Bad Shin Splints
The term "shin splints" refers to pain (sometimes significant) along or just behind the shinbone (tibia) the large bone in the front of your lower leg. Shin splints usually occur from physical activity where too much force being placed on your shinbone and connective tissues that attach your muscles to the bone. Shin splints are common in runners and in those who participate in activities with sudden stops and starts, running downhill or what is known as the terrible too’s: running too hard too fast for too long.
Shin splints can usually be self-treated. Here are the most recommended methods:
- Rest - Avoid activities that cause pain, swelling or discomfort. You don’t have to give up all activity. While you're healing, you can try low-impact exercises, such as swimming, bicycling or water running.
- Apply ice packs to the affected shin for 15 to 20 minutes at a time, four to eight times a day for several days. To protect your skin, wrap the ice packs in a thin towel.
- To reduce swelling, elevate the affected shin above the level of your heart, especially at night. It may also help to compress the area with an elastic bandage or compression sleeve. Loosen the wrap if the pain increases, the area becomes numb or swelling occurs below the wrapped area.
- Take an over-the-counter pain reliever. Try ibuprofen (Advil, Motrin, others), naproxen sodium (Aleve, others) or acetaminophen (Tylenol, others) to reduce pain.
- While healing and afterwards consider arch supports. Arch supports can help cushion and disperse stress on your shinbones. Off-the-shelf arch supports come in various sizes and can be fitted immediately. More durable arch supports can be custom-made from a plaster cast of your foot
It is important that as you feel better that you resume your usual activities gradually. If your shin isn't completely healed, returning to your usual activities may only cause continued pain. Once your get past the shin splints there are a few things you can do to keep them from returning:
- Choosing the right shoes can be one of the most significant factors. If you're a runner, replace your shoes about every 350 to 500 miles (560 to 800 kilometers.) Many stores that specialize in shoes for runners can help you find the right shoe for your running style.

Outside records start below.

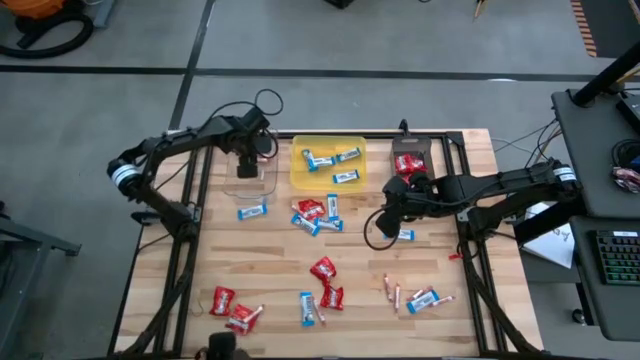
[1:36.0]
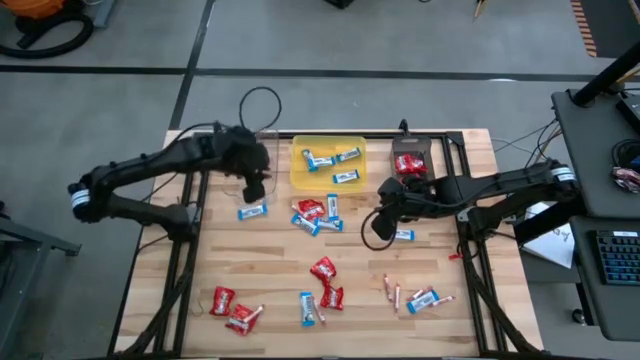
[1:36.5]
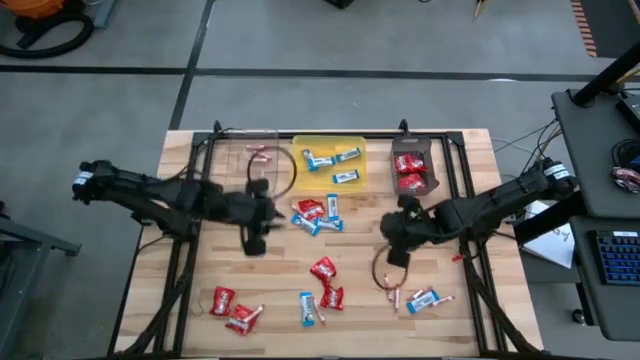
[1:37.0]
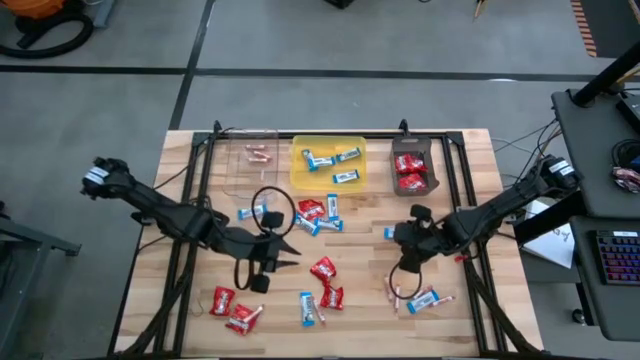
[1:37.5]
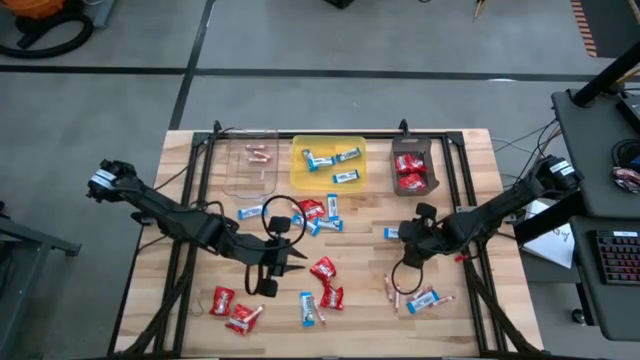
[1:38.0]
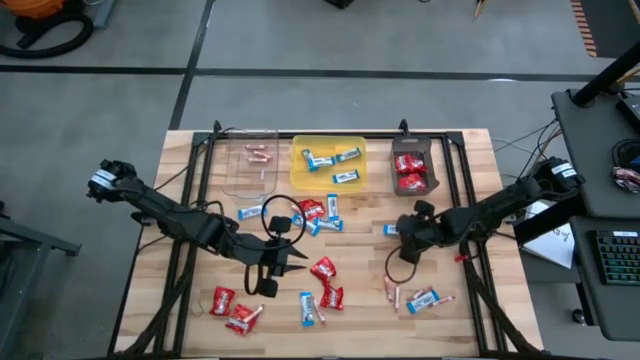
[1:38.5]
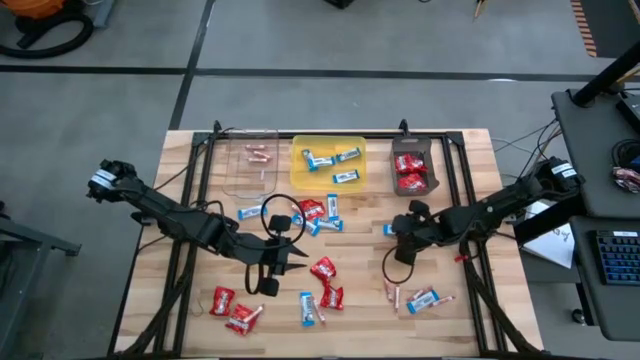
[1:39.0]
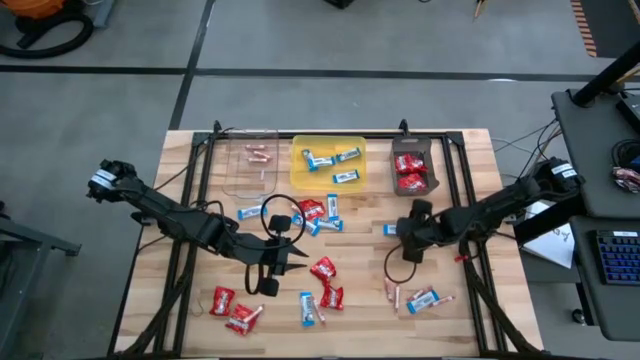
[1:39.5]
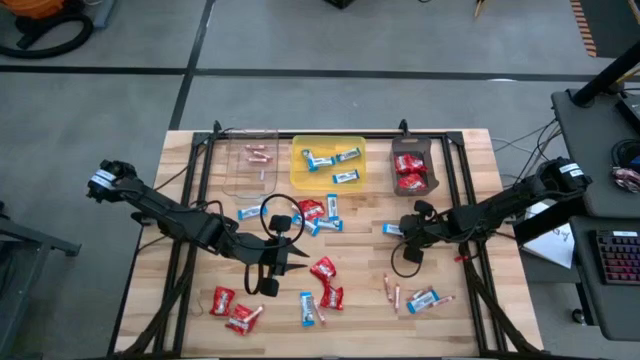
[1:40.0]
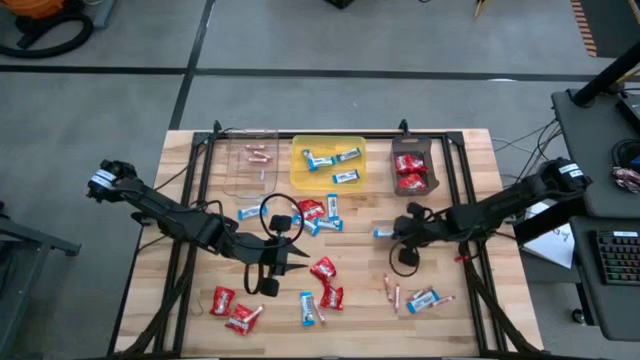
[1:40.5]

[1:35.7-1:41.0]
Put the white chocolate into the yellow bin

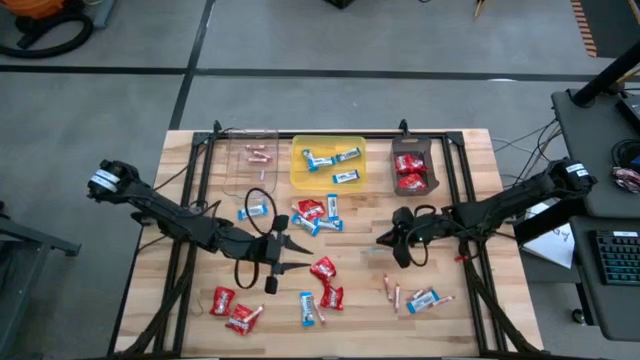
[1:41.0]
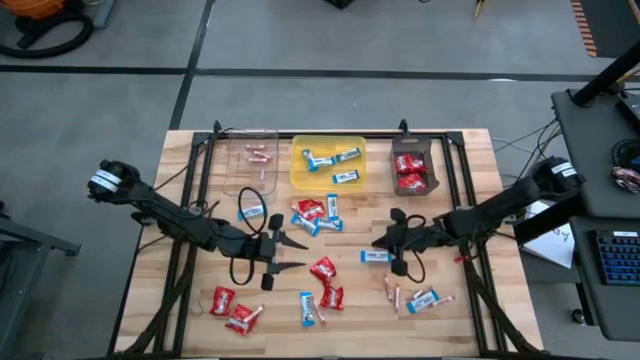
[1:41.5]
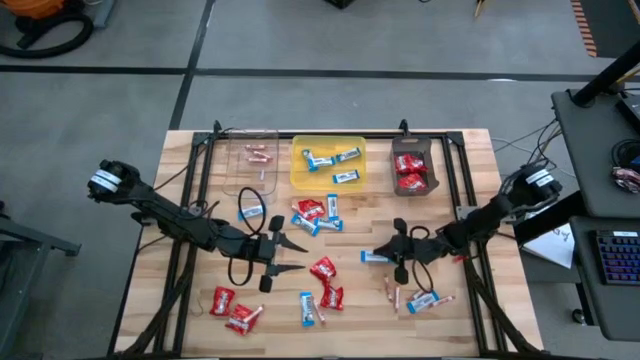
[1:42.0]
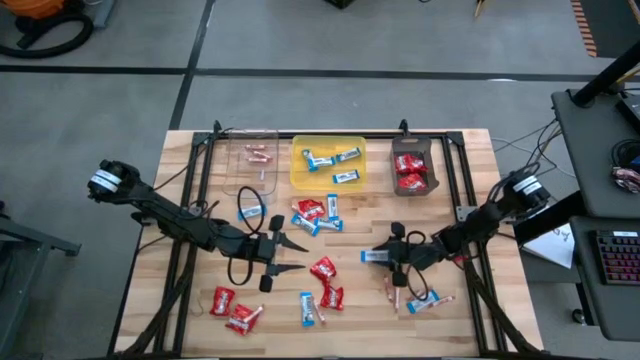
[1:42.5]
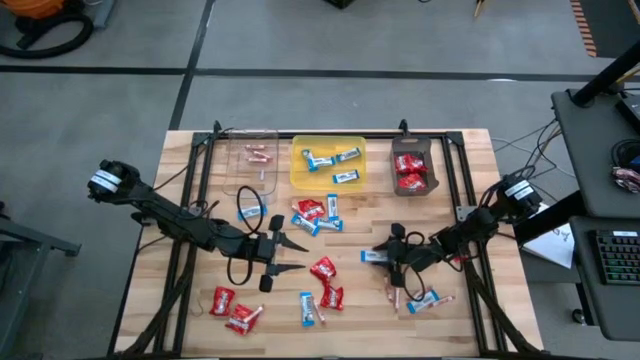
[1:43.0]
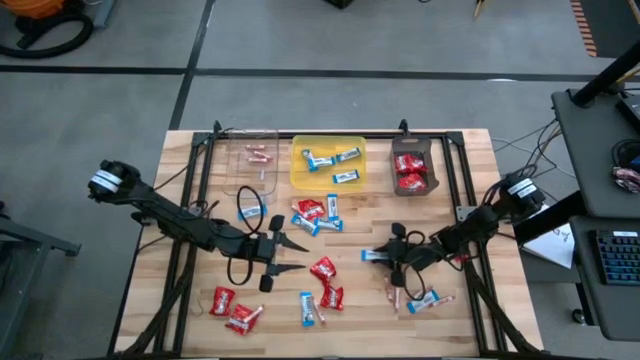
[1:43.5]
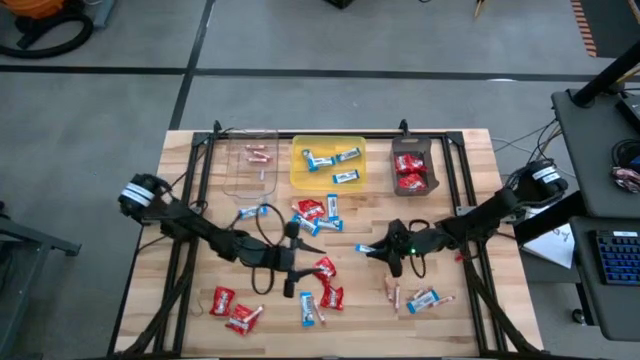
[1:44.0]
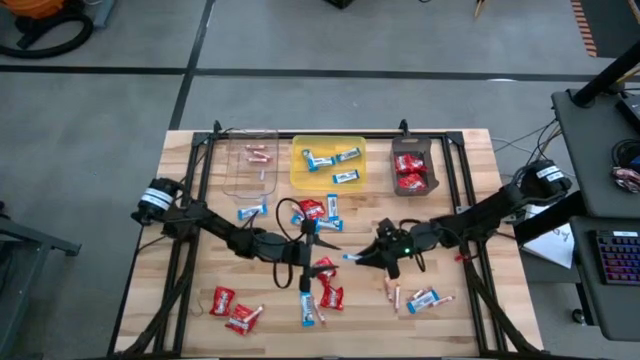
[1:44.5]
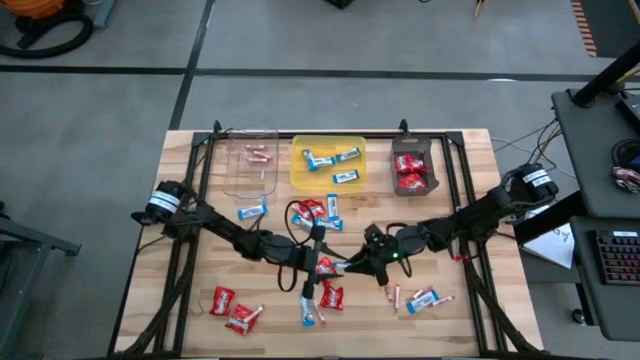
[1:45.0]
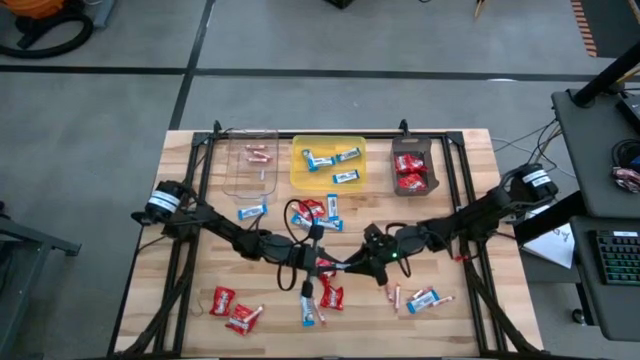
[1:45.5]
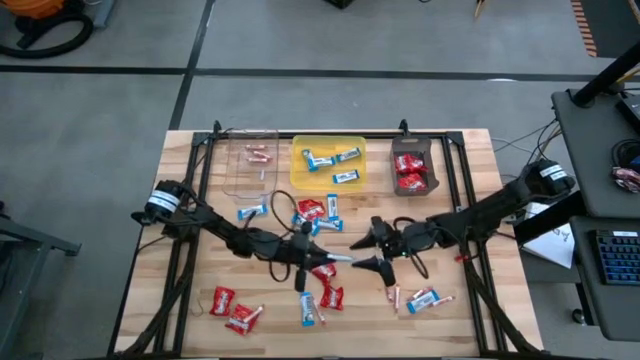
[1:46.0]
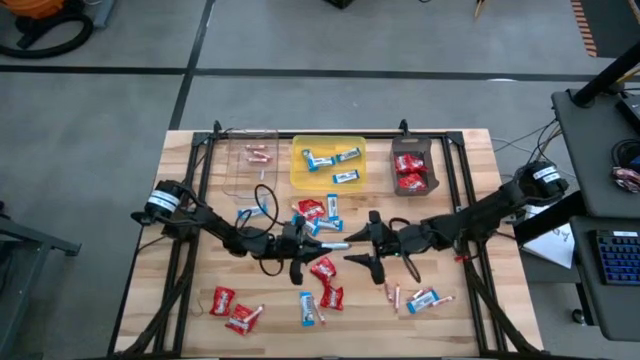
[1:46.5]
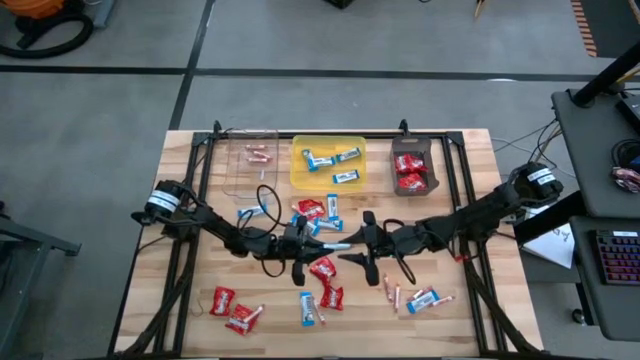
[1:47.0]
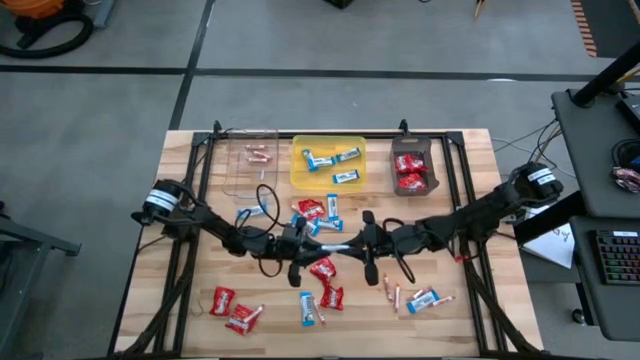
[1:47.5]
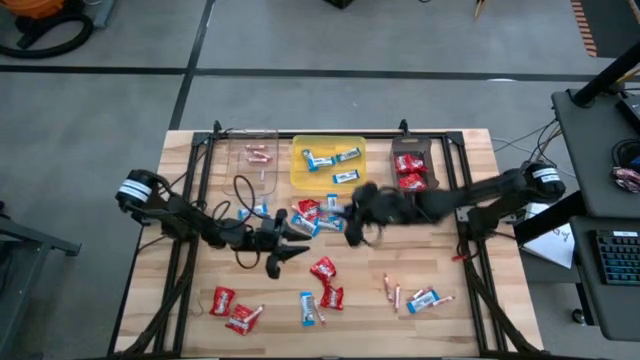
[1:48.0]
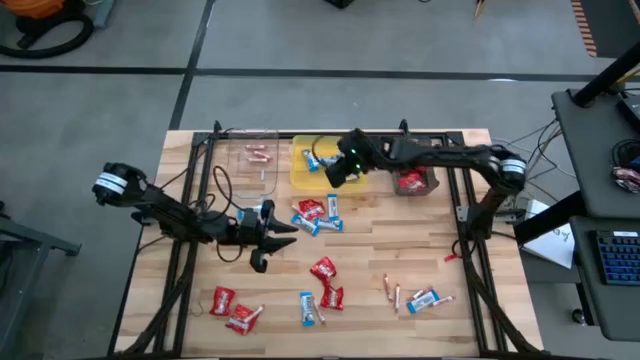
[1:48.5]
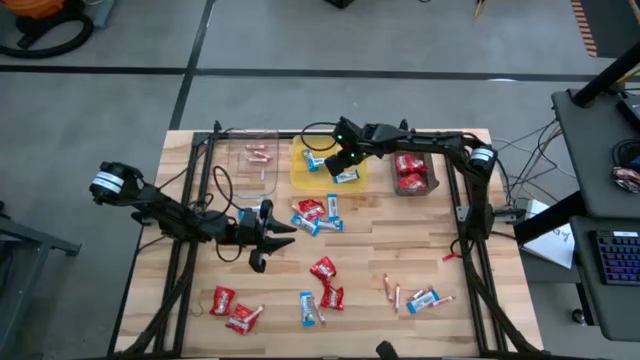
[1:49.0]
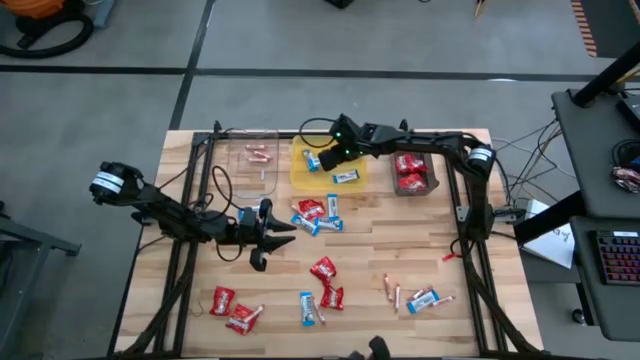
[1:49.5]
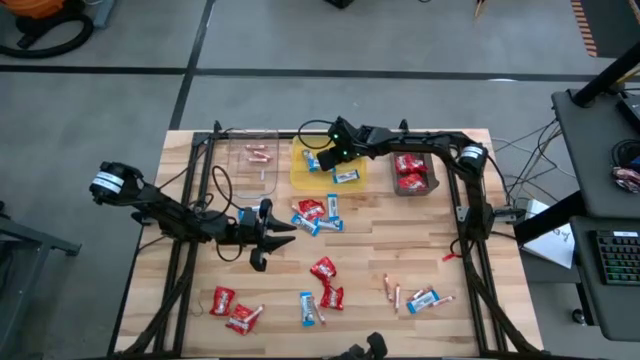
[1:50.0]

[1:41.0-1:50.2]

- Cross-train with a sport that places less impact on your shins, such as swimming, walking or biking.
- Add strength training to your workout. To strengthen your calf muscles, try toe raises. Stand up. Slowly rise up on your toes and then slowly lower your heels to the floor. Repeat 10 times. When this becomes easy, do the exercise holding progressively heavier weights. Leg presses and other exercises for your lower legs can be helpful, too.
If after time and proper care you shin splints do not improve then you should see a doctor who specializes in Orthopedics or Sports Medicine.